Charley's War was a British comic strip written by Pat Mills and drawn by Joe Colquhoun. It was originally published in Battle Picture Weekly from January 1979 to October 1986.

Described by Andrew Harrison as "the greatest British comic strip ever created", Charley's War tells the story of an underage British soldier called Charley Bourne. Charley joins the British Army during World War I at the age of 16 (having lied about his age and told the recruiting officers that he was 18; they conveniently overlook the fact that Charley gives his date of birth on his application form as 1900), and is quickly thrust into the Battle of the Somme.

The strip follows Charley's life in the trenches and his experiences during the war. Colquhoun put a meticulous level of research into the already well-researched scripts which Mills provided.
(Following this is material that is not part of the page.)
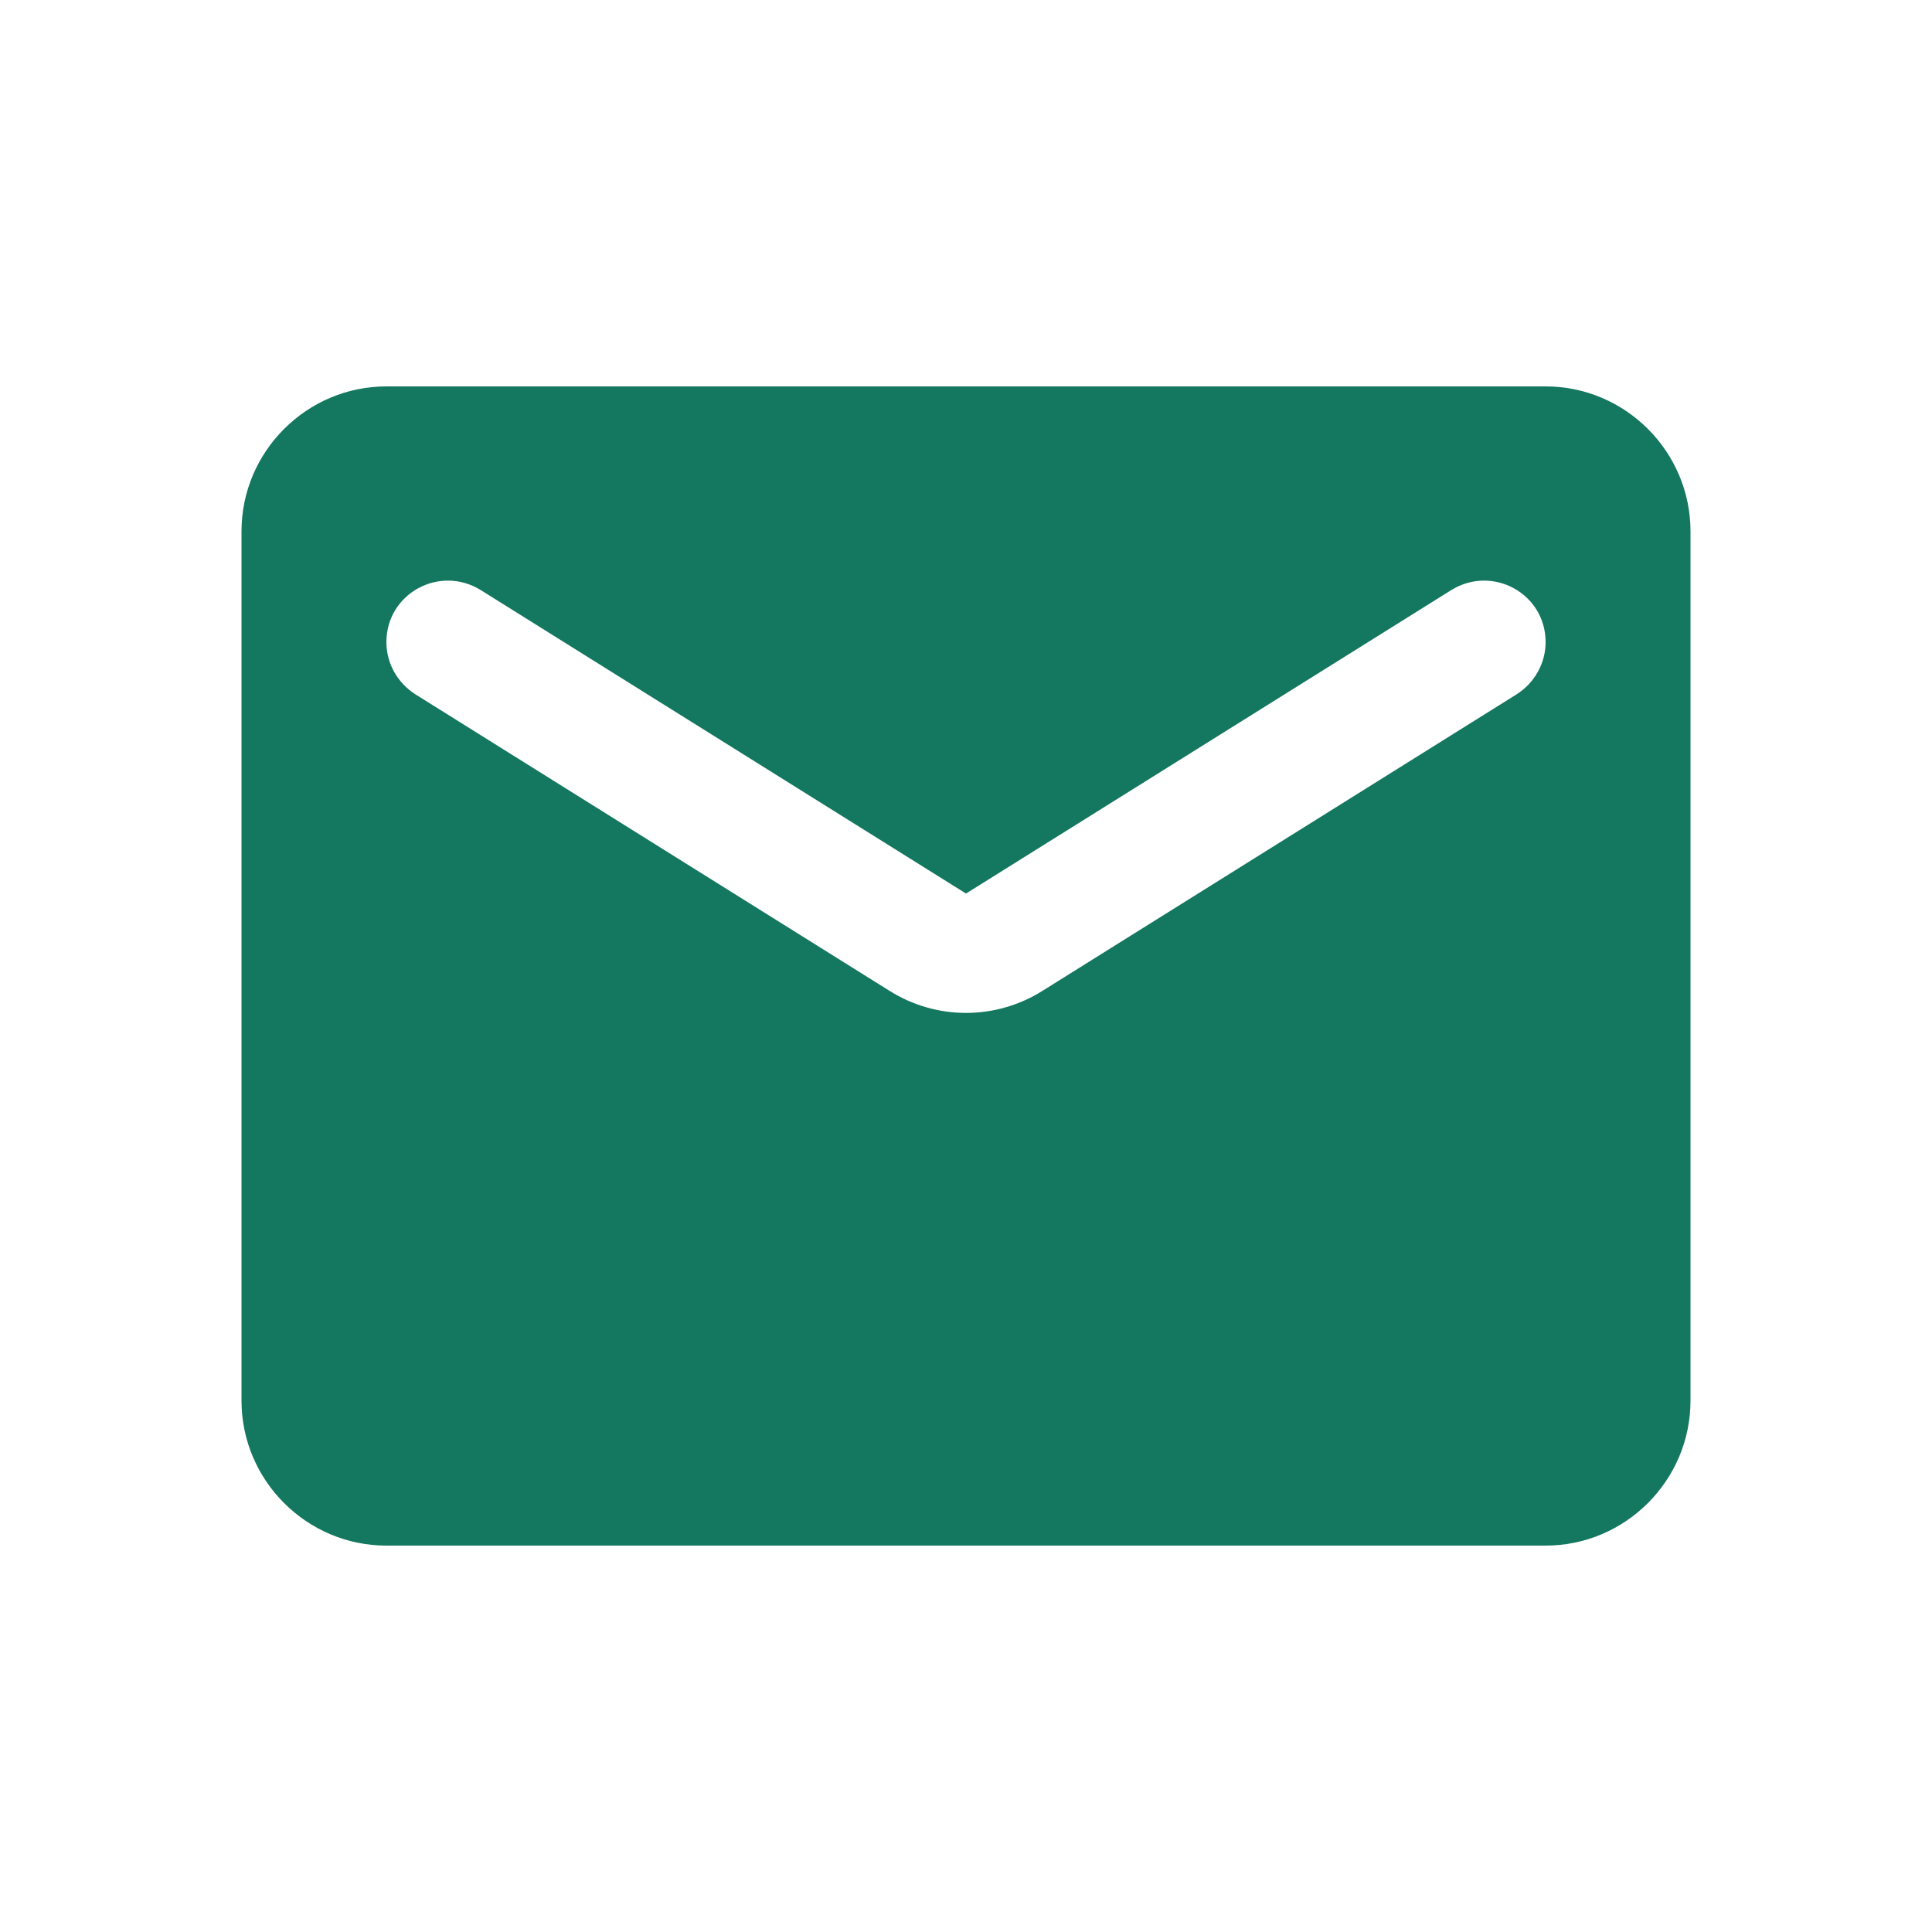 <svg height="1024" viewBox="0 0 1024 1024" width="1024" xmlns="http://www.w3.org/2000/svg"><path d="m819.2 204.8h-614.4c-42.24 0-76.8 34.56-76.8 76.8v460.801c0 42.24 34.56 76.8 76.8 76.8h614.4c42.24 0 76.8-34.56 76.8-76.8v-460.801c0-42.24-34.56-76.8-76.8-76.8zm-15.36 163.201-251.136 157.056c-24.96 15.744-56.448 15.744-81.408 0l-251.136-157.056c-9.6-6.145-15.36-16.513-15.36-27.649 0-25.728 28.032-41.088 49.92-27.648l257.28 160.897 257.28-160.897c21.888-13.44 49.92 1.92 49.92 27.648 0 11.136-5.76 21.504-15.36 27.649z" fill="#14775f"/></svg>

The strip rarely flinched from providing an extremely frank portrayal of the horrors of war, so much so that in some later reprintings some of the artwork was censored. Mills added a political slant in the strip not seen in British war comics and avoided the standard heroics common in war comics generally.

In addition to depicting Charley's own experiences of the war, the comic took the risk of going off on several tangents, temporarily shifting the focus to characters in different locations and time periods. The first and most successful tangent was the story of 'Blue', a British soldier in the French Foreign Legion who fought with them at Verdun in 1916 before deserting and making his way back to England (where he meets Charley). Another diversion was when the storyline turned to Charley's younger brother Wilf and his experiences as an observer/gunner in the Royal Flying Corps in early 1918. The final and least successful tangent was the story of Charley's cousin Jack Bourne, a sailor in the Royal Navy and the story of his ship HMS Kent and its participation in the Battle of the Falklands in 1914. Unlike the previous diversions, this new change of setting received poor feedback from readers and the editor of Battle ordered Mills to return the storyline to Charley in the trenches, much to Mills' disappointment who had originally planned to continue Jack's story on into the Battle of Jutland in 1916.

The strip followed Charley through to the end of the war and through into the invasion of Russia in 1919. However, in January 1985, Mills quit the strip before being able to complete the story (he intended the story to end in 1933, with Charley on the dole as Hitler is made Chancellor of Germany) due to a dispute over his research budget.